Note to self: Spend less time playing with guns and more time cleaning house.


----------



## Fred40 (Jan 7, 2008)

One of my good friends Dad killed the family dog goofing around with his "unloaded" gun.


----------



## john doe. (Aug 26, 2006)

Complicity kills... or at least hurts like a BITCH!


----------



## gmaske (Jan 7, 2008)

Gulp! I'm sure glad you posted that!.....It WILL redouble my efforts to be careful for sure. Maybe that should be stuck on top as a permanent reminder to us all.


----------



## milquetoast (Nov 25, 2006)

cakustoms said:


> :smt119 That is insane. I have had a brainfart moment similar to this in the past.....Up late (4:00) and remembered hearing that if the trigger was pulled on a P22 with the safety on that it would eventually kick the safety off. Forgot to take the mag out and cycled the slide to cock the hammer and put it on safety. Like an idiot I started pulling the trigger to see if what I had heard was true...sure enough.....POP...missed my knee by half an inch, into the couch where it hit a spring....split in two and exited the back striking a bookshelf and the front door. After seeing these pictures I'm glad I didn't hit my knee, and reminded once again to unload the weapon before doing any safety checks.:smt023


And also do all "safety checks" and other trigger-pressing with the pistol pointed at the one designated impact area in the house. Right now, mine is an old Second Chance vest leaning against an exterior wall that backs up to a cinder block wall. In my previous house it was the brick fireplace.

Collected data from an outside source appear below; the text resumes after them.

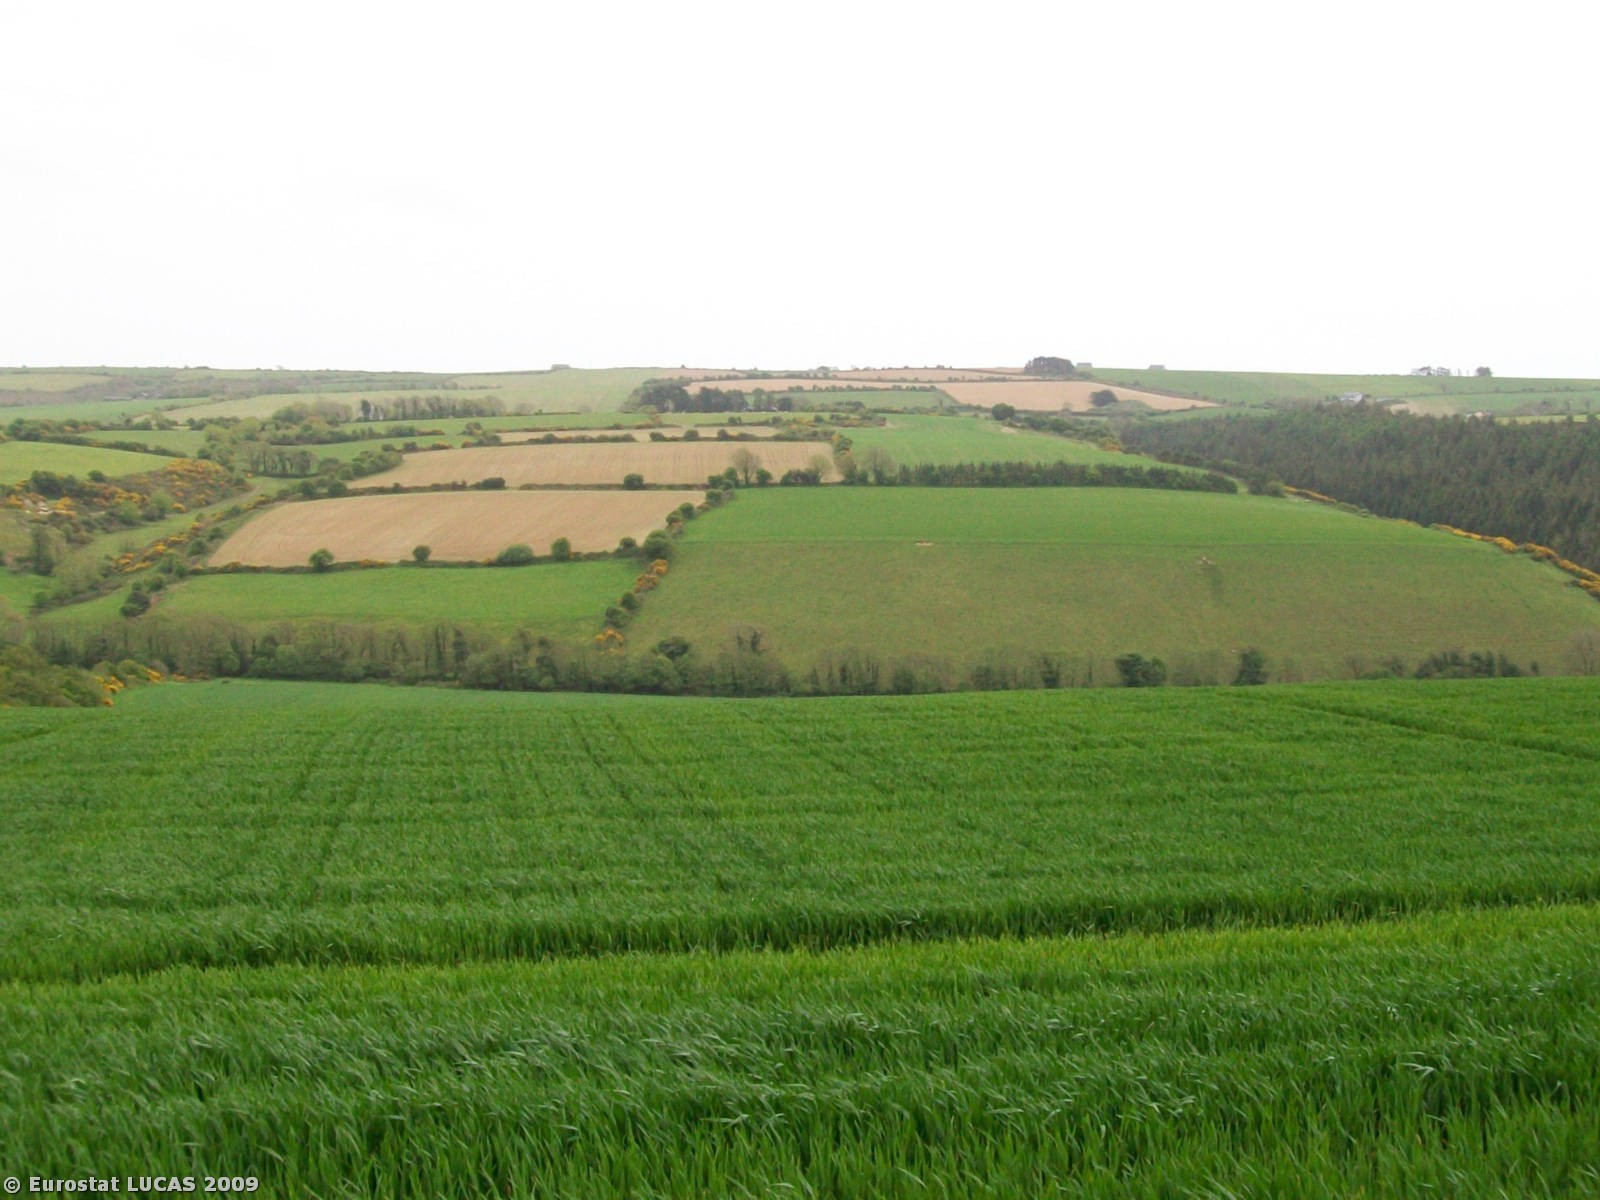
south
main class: Cropland
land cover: Common wheat
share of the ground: > 75 %
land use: Agriculture (excluding fallow land and kitchen gardens)
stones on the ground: < 10 %
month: May
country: IE
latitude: 51.7110
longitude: -8.6522

No matter how many times you unload a gun, sometimes they just aren't nearly as unloaded as you thought. Just assume the gun will go bang, so hang a target on something bullet-proof and inexpensive to repair/repaint -- not the TV, not the refrigerator, not the dog.


----------



## Benzbuilder (Sep 7, 2006)

This Man has been posting on Bullseye-l. He has set up a web page with all the info.

http://69.60.3.248/index.html

P.S. I had my first Negligent discharge last year. I was in the process of moving and decided to catalog my arsenal. While taking pics and listing all the serial numbers. I was very careful with regard to handling the guns. I would take every pistol and lock the slide back remove the mag and then call out the needed info to my wife. i got down to my little Llama especial .22, I completed the clearing ritual as I had on the other 20 or so( I was getting complacent). However to drop the hammer on this pistol I had to insert the mag. I never noticed that the mag was loaded. Luckily I had pointed it in the safest direction at the time, the garage floor. which stopped the bullet from hurting anyone.


----------



## babs (Nov 30, 2007)

Rule II saved you by having that muzzle pointed at something that was ok to destroy.. unfortunately probably not cheap to repair though.  Although... I never point anything straight down.. I find something else, a side of a hill or bank or into the woods at low angle etc.

Funny I went over to a friend's house late last week and he was showing me a .45 S&W auto he had... I chewed him out for passing that muzzle across me.. He didn't even realize it. whooops! And it was a verified loaded .45... 

Futzing around with a loaded and chambered .45 and not keeping absolute attention to muzzle direction regardless of trying to holster or decock or whatever.. I can't imagine it but I've seen it, from EXPERIENCED gun-owners.. That's what cracks me up.

Muzzle direction is not just where it happens to go.. It must always be absolute conscious decision and under absolute control. Loaded or unloaded... It's where that business-end is pointed that counts whether it fires or not. .... opinion from the newbie here. :mrgreen:


----------



## Jaketips42 (Nov 24, 2007)

Good reminder for being careless. I have had a BB in my finger for 13 yers now for being stupid. And that's a constant reminder. Let alone a 45 in the leg after ricochet. ouch.


----------



## GTD (Dec 19, 2007)

Wow!! Thanks for the pics, and the reminder. I have made my share of mistakes in handling firearms, thankfully never had a ND and hopefully never will.


----------